WASHINGTON - The economy is sinking deeper into hard times. The Federal Reserve is warning that the problems could last well into next year.
With no real answer in how to deal with the struggling auto industry, uncertainty clouds the markets here at home and overseas.
Click play to hear Pat Robertson's analysis following CBN News Correspondent John Jessup's report.
The Fed's sobering assessment of the economy had an immediate impact on the markets.
For the first time in more than five years, the Dow Jones started the day below 8,000 after Wednesday's dramatic 400-point drop.
The slide rippled through Europe and Asia, where oil prices fell below $53 a barrel - almost at a two-year low.
"The message of the minute from the Fed today really hit the market like a slap in the face," said Jeffries Chief Market Strategist Art Hogan. "They stopped short of using the word recession, but they certainly didn't stop short of describing a recession."
The Federal Reserve warned that the country's economic hardships will continue well into next year, suggesting that more interest rate cuts may be needed as unemployment will likely rise.
Big Three Hit Brick Wall
The negative forecast came as the path to bail out the Big Three auto-makers appeared to have hit a dead end here in Washington.
Congress sent Detroit back home without the $25 billion loan they asked for.
But lawmakers from auto-states are working on an alternative plan to keep the companies running on enough cash to get them into next year.
"Many people saying that we created these problems ourselves and that it's just a Michigan problem. But it really isn't just a Michigan problem. It will resonate in a very negative way throughout our national economy," said Rep. Candice Miller.
Workers Ponder Their Fate
Meanwhile, industry workers are left wondering about their future.
"I got a house payment. I got kids. I got stuff I got to take care of.

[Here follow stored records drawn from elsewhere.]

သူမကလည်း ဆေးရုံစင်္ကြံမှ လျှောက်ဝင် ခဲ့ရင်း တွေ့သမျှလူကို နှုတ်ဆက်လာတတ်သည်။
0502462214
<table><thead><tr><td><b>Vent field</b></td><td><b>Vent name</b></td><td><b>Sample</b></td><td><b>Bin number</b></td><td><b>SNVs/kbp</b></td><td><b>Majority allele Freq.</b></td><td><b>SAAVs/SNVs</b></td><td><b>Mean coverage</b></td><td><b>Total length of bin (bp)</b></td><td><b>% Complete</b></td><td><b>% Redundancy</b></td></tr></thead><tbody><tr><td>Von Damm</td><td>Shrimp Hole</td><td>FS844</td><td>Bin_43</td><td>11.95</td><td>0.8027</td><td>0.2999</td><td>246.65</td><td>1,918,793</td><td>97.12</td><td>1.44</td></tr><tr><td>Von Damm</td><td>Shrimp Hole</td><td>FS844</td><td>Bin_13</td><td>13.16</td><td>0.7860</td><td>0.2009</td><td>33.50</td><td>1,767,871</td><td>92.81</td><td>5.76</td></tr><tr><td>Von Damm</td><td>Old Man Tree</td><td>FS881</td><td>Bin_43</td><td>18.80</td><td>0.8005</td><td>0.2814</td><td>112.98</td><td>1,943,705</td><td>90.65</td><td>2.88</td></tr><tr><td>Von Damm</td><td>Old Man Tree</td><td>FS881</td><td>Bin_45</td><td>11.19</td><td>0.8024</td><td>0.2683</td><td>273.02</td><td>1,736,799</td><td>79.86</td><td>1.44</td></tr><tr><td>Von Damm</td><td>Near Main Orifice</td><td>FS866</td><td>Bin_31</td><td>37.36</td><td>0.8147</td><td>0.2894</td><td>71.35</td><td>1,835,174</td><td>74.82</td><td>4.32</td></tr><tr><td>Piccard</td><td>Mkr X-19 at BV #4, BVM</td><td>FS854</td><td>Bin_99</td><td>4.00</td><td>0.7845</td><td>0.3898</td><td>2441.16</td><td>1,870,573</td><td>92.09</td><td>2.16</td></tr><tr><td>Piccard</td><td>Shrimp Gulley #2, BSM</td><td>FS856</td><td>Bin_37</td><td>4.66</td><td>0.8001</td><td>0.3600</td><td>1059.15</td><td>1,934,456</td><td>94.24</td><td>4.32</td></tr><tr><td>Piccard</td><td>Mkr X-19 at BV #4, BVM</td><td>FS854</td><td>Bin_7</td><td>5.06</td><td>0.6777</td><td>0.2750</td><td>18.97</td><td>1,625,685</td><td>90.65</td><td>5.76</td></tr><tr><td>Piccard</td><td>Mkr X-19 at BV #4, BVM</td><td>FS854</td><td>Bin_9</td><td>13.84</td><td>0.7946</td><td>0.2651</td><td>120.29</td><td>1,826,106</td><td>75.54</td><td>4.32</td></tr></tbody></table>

You take away this, where am I going to go?" lamented Ford worker Ed Hegarty.
"If I lose my job, the restaurant down the street is going to lose a customer - or the gas station. It's a circle and everyone needs to see that," said Ford worker Marcus Perry.
And the economy may face another concern on the horizon: deflation.
Last month, consumer prices fell one percent - the most in 60 years following a record drop in wholesale prices. It's another major problem for markets to worry about and not something they need, with the Dow already down nearly 40 percent this year.